EXTRACTED MATERIAL
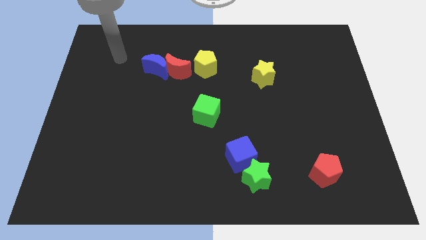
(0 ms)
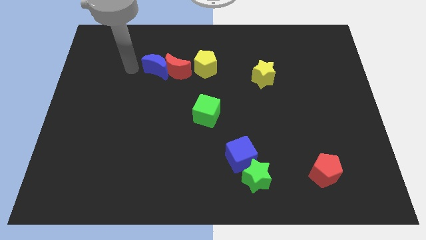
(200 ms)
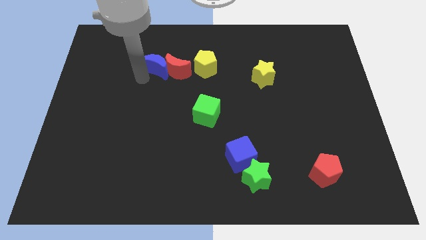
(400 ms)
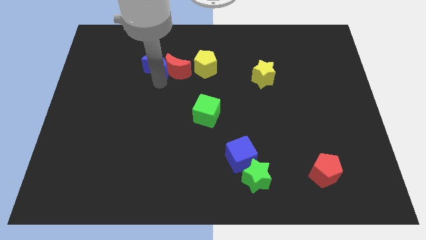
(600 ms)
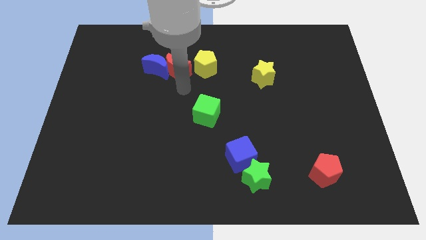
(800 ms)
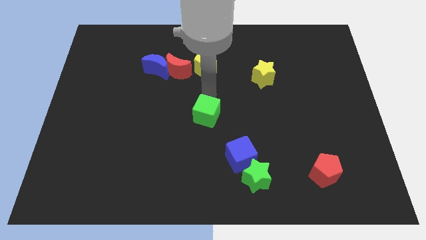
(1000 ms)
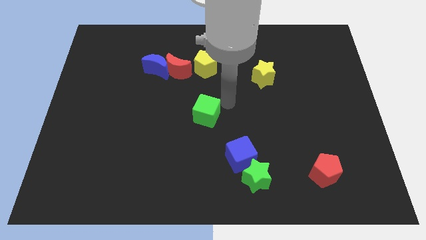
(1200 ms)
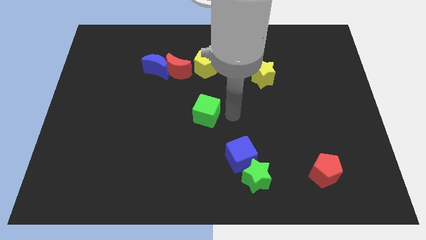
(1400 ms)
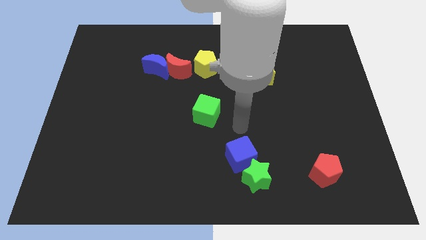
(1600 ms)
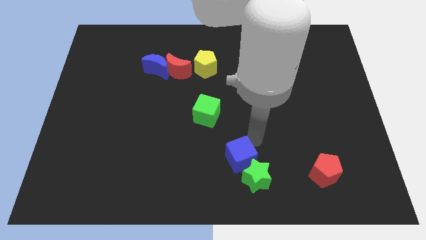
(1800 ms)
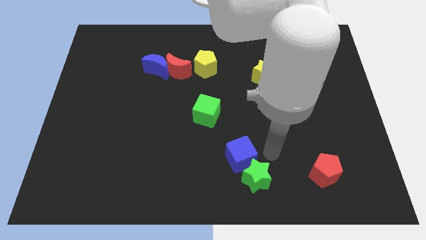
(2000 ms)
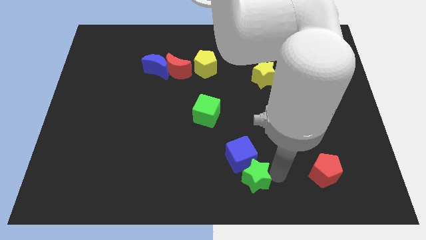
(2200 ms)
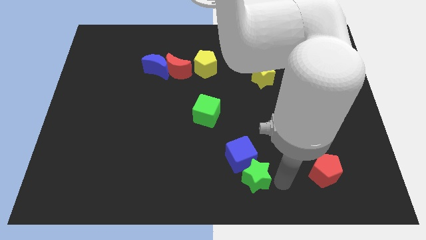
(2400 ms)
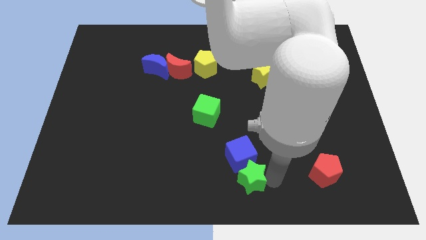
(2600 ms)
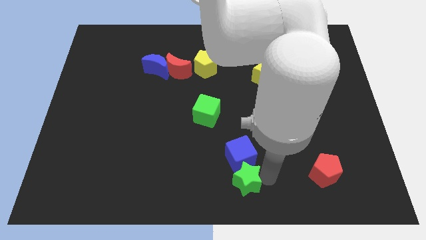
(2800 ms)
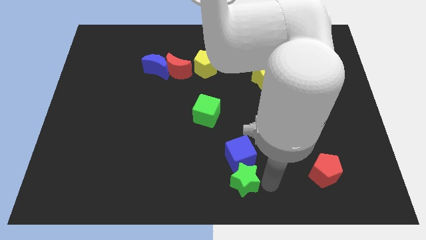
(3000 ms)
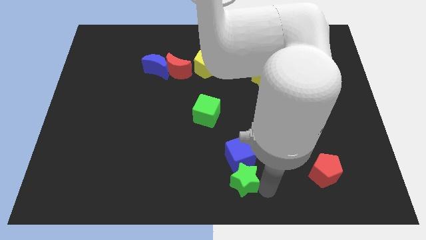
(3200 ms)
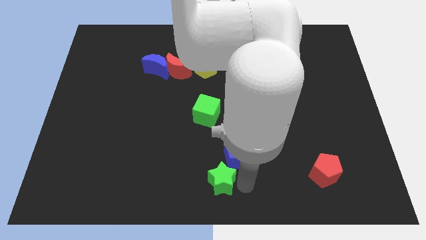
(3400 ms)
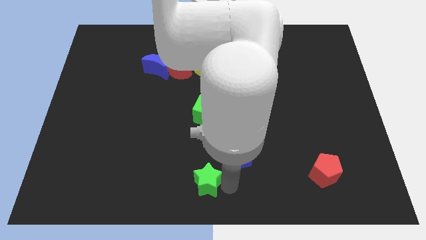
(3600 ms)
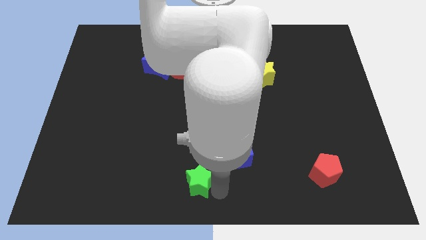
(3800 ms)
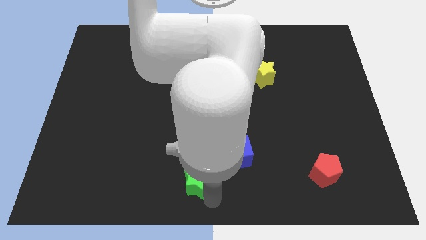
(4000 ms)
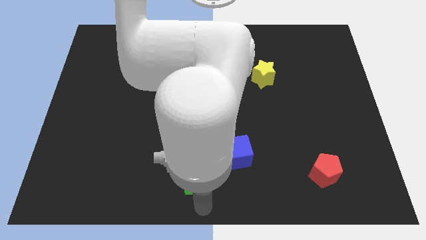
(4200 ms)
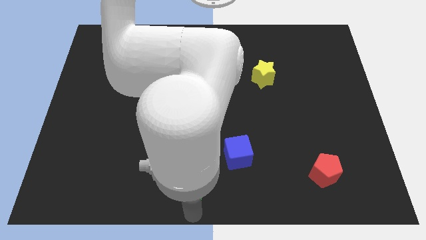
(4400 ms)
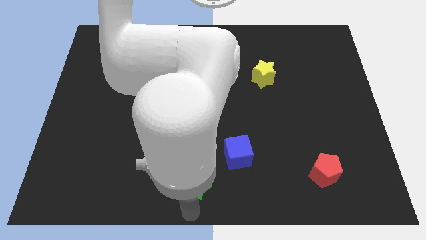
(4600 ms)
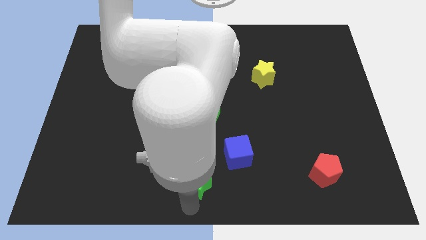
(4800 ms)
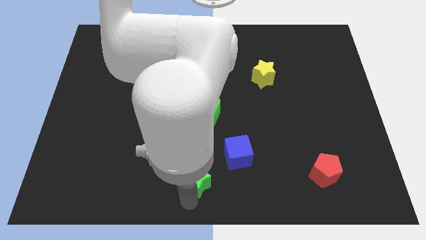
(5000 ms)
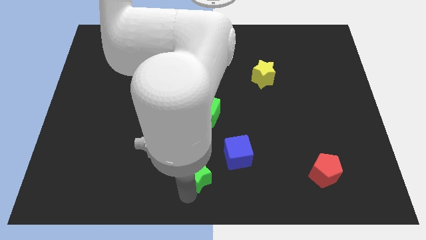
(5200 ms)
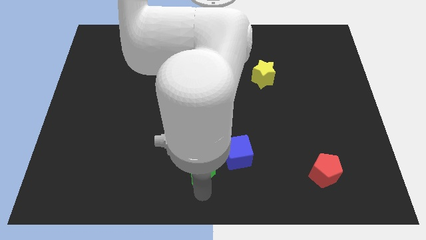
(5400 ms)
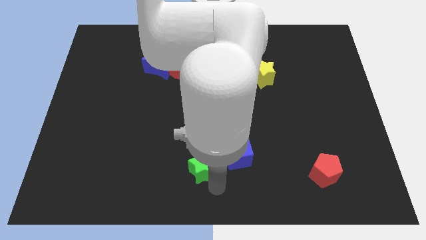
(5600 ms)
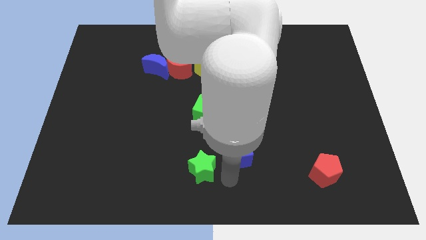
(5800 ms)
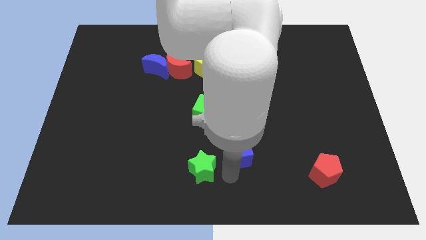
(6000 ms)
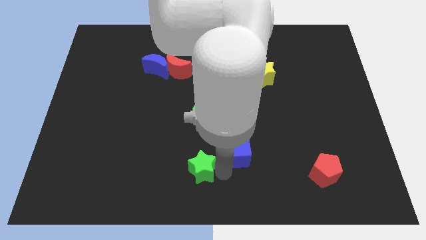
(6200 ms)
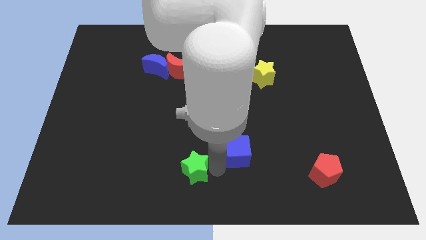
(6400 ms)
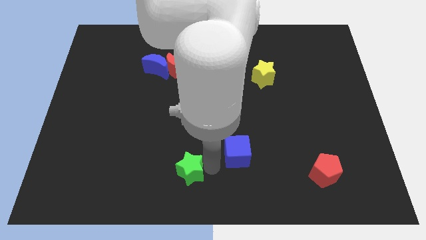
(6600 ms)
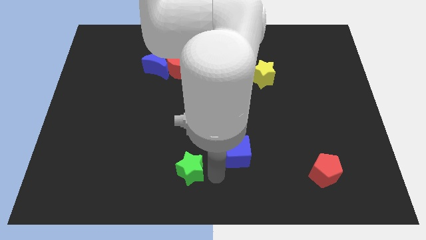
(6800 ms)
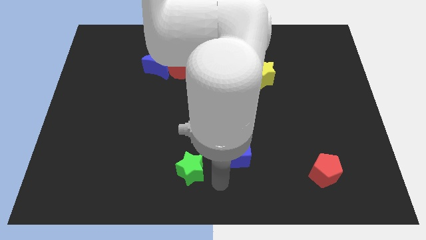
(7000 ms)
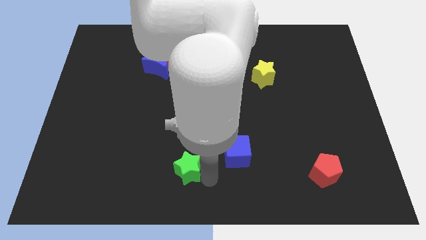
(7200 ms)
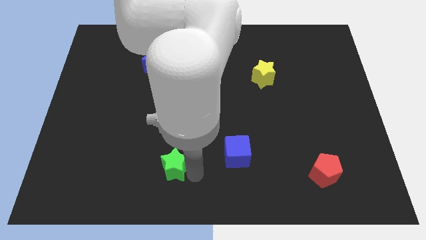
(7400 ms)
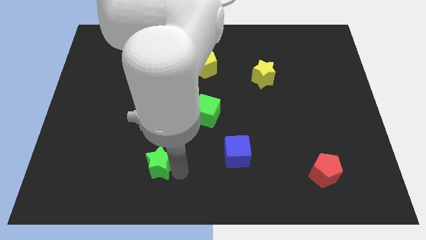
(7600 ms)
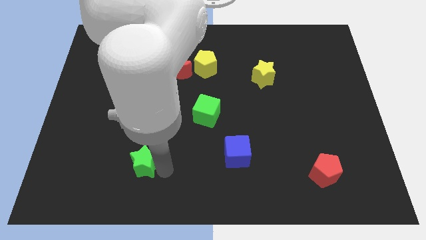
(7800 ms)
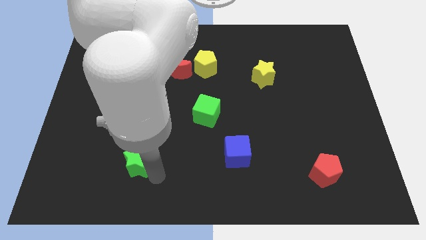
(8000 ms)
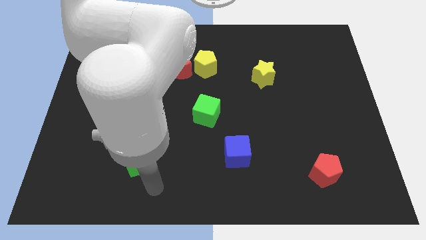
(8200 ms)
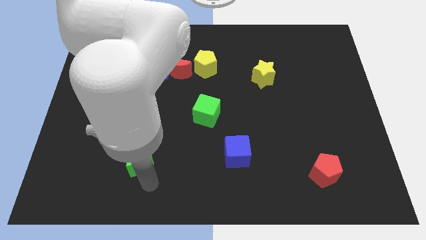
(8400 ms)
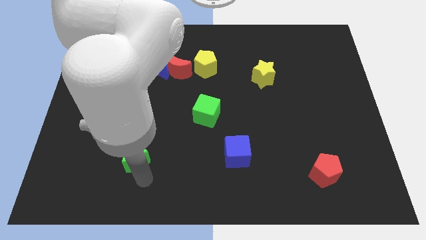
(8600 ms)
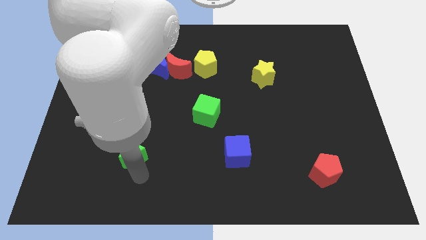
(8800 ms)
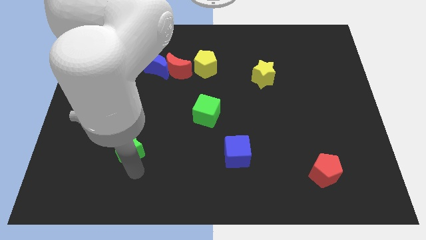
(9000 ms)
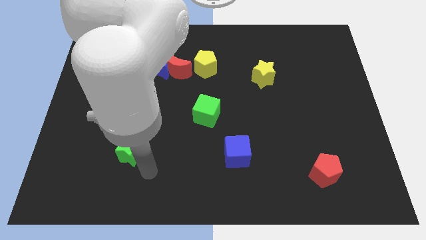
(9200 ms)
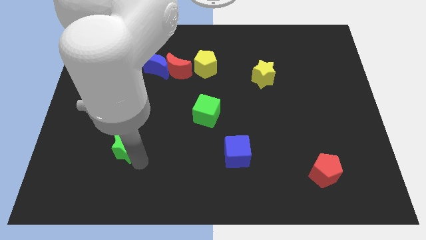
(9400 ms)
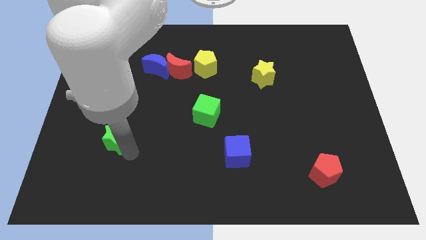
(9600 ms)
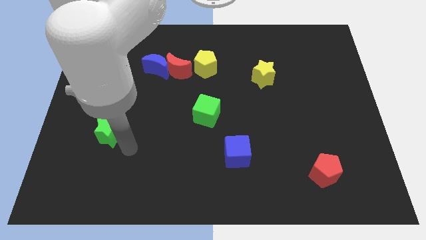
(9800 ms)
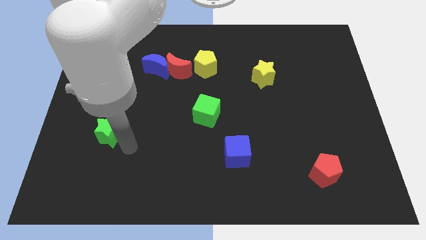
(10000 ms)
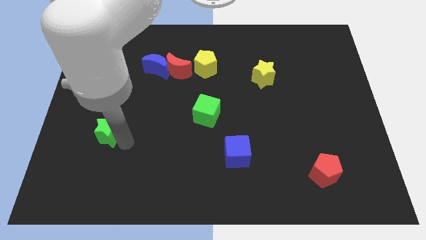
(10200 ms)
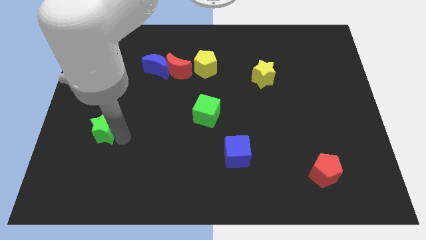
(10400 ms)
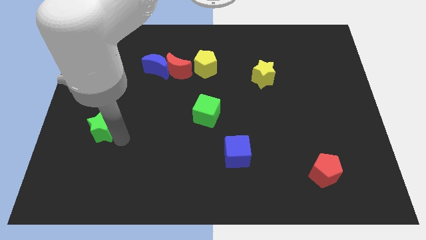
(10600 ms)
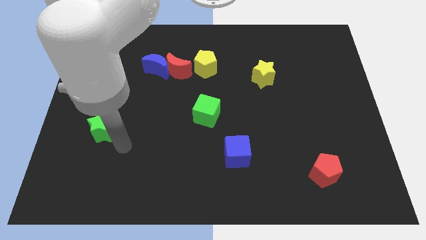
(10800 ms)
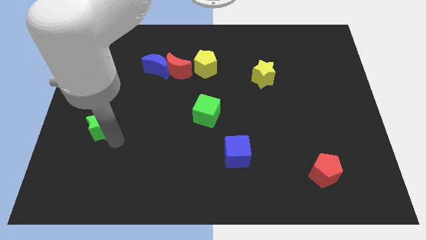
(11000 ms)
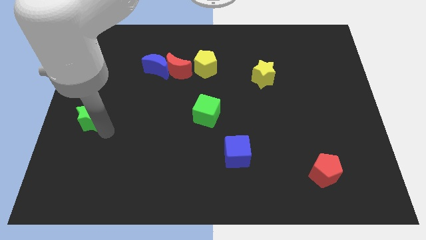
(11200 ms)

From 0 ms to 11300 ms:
move the green star to the left side

WORK REQUIRED
Repeat the entries verbatim; no pictures.

RESULT
(0 ms)
(200 ms)
(400 ms)
(600 ms)
(800 ms)
(1000 ms)
(1200 ms)
(1400 ms)
(1600 ms)
(1800 ms)
(2000 ms)
(2200 ms)
(2400 ms)
(2600 ms)
(2800 ms)
(3000 ms)
(3200 ms)
(3400 ms)
(3600 ms)
(3800 ms)
(4000 ms)
(4200 ms)
(4400 ms)
(4600 ms)
(4800 ms)
(5000 ms)
(5200 ms)
(5400 ms)
(5600 ms)
(5800 ms)
(6000 ms)
(6200 ms)
(6400 ms)
(6600 ms)
(6800 ms)
(7000 ms)
(7200 ms)
(7400 ms)
(7600 ms)
(7800 ms)
(8000 ms)
(8200 ms)
(8400 ms)
(8600 ms)
(8800 ms)
(9000 ms)
(9200 ms)
(9400 ms)
(9600 ms)
(9800 ms)
(10000 ms)
(10200 ms)
(10400 ms)
(10600 ms)
(10800 ms)
(11000 ms)
(11200 ms)

From 0 ms to 11300 ms:
move the green star to the left side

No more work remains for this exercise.